On the assumption that $\mu > 0$, $\nu > -1$, the inequality (5.2.15) implies that $\nu$ must be $\le 1/2$. Rewriting (5.2.13) as

$$e_{kk} = -\frac{3}{2\mu}\frac{1 - 2\nu}{1 + \nu} p,$$ (5.2.16)

we see that for $\nu = 1/2,\ e_{kk} = 0$. That is, there is no change in volume. Since for incompressible materials $e_{kk} = 0$, therefore, $\nu = 1/2$ for incompressible materials.

Equations (5.2.10), (5.2.11) and (5.2.5) yield

$$T_{ij} = \frac{2\mu\nu}{1-2\nu} e_{kk}\delta_{ij} + 2 \mu e_{ij}\ .$$ (5.2.17)

For an incompressible material, the first term on the right-hand side of (5.2.17) is of the form % and hence is indeterminate. It is usually denoted by $-p\delta_{ij}$ and the constitutive relation for an incompressible linear elastic material becomes

$$T_{ij} = -p\delta_{ij} + 2\mu e_{ij}\ .$$ (5.2.18)

Here $p$ is called the hydrostatic pressure, and it can not be determined from the strain field. However, whenever surface tractions are prescribed on at least a part of the boundary, $p$ can be uniquely determined.

Example:

a)

For an isotropic Hookean material, show that the principal axes of stress and strain coincide.

b)

Find a relation between the principal values of stress and strain.

Solution: Note that eigenvectors of $T_{ij}$ and $e_{ij}$ are the principal axes of stress and strain respectively.

Let $\mathbf{n}^{(1)}$ be an eigenvector of $e_{ij}$ and $e^{(1)}$ be the corresponding eigenvalue. That is

$$e_{ij}n^{(1)}_j = e^{(1)}n^{(1)}_i\ .$$

By Hooke's law we have

$$T_{ij}n^{(1)}_j =\ (\lambda e_{kk}\delta_{ij} + 2\mu e_{ij})n^{(1)}_j\ ,$$

$$=\ \lambda e_{kk}n^{(1)}_i + 2\mu e_{ij} n^{(1)}_j\ ,$$

$$=\ \lambda e_{kk} n^{(1)}_i + 2\mu e^{(1)}n^{(1)}_i\ ,$$

$$=\ (\lambda e_{kk} + 2\mu e^{(1)})n^{(1)}_i\ . \ast$$

Therefore, $\mathbf{n}^{(1)}$ is also an eigenvector of $T_{ij}$ and the corresponding eigenvalue is $\lambda e_{kk} + 2\mu e^{(1)}$.

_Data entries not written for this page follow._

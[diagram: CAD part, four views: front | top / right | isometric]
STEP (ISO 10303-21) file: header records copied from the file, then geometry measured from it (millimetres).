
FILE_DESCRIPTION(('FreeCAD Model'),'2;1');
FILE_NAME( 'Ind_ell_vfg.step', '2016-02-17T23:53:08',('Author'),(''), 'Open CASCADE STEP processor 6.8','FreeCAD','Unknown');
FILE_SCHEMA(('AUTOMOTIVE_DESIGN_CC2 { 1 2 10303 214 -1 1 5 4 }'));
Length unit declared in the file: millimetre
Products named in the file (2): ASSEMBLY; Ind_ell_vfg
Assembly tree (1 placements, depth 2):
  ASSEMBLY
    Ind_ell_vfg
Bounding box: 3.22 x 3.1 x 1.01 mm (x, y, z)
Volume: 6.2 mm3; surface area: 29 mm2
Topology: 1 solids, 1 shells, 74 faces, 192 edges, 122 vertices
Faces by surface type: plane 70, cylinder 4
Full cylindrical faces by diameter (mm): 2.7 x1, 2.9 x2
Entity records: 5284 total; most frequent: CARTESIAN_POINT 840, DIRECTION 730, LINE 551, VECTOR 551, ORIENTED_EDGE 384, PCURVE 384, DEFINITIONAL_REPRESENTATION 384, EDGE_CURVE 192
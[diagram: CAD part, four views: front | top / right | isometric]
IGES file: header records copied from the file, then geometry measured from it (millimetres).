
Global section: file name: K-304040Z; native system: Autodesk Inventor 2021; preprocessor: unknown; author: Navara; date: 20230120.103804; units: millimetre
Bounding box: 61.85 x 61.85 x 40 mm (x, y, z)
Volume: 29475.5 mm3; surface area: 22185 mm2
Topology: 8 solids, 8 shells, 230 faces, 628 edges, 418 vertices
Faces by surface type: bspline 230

b) It is clear from eqn. ($\ast$) that the eigenvalue $T^{(1)}$ of $T_{ij}$ corresponding to the eigenvector $\mathbf{n}^{(1)}$ is $\lambda e_{kk} + 2\mu e^{(1)}$. Since $e_{kk} = e^{(1)} + e^{(2)} + e^{(3)}$, therefore,

$$T^{(1)} = \lambda (e^{(1)} + e^{(2)} + e^{(3)}) + 2\mu e^{(1)}\ .$$

Similarly,

$$T^{(2)} = \lambda (e^{(1)} + e^{(2)} + e^{(3)}) + 2\mu e^{(2)},$$

$$T^{(3)} = \lambda (e^{(1)} + e^{(2)} + e^{(3)}) + 2\mu e^{(3)}\ .$$

Exercise: (Recall the exercise given on page 2-11). For $W = \mu e_{ij}e_{ij} + \frac{\lambda}{2} (e_{kk})^2$, show that $\frac{\partial W}{\partial e_{ij}} = T_{ij}$.

Hint: It is advisable to do the problem long-hand. That is, first expand the given expression for $W$. Substitute $e_{21} = e_{12} = (e_{12} + e_{21})/2$ etc. in it and then carry out the differentiation with respect to $e_{11},\ e_{22},\ e_{12}$ etc.

$W$ is called the stored energy function or the strain energy density.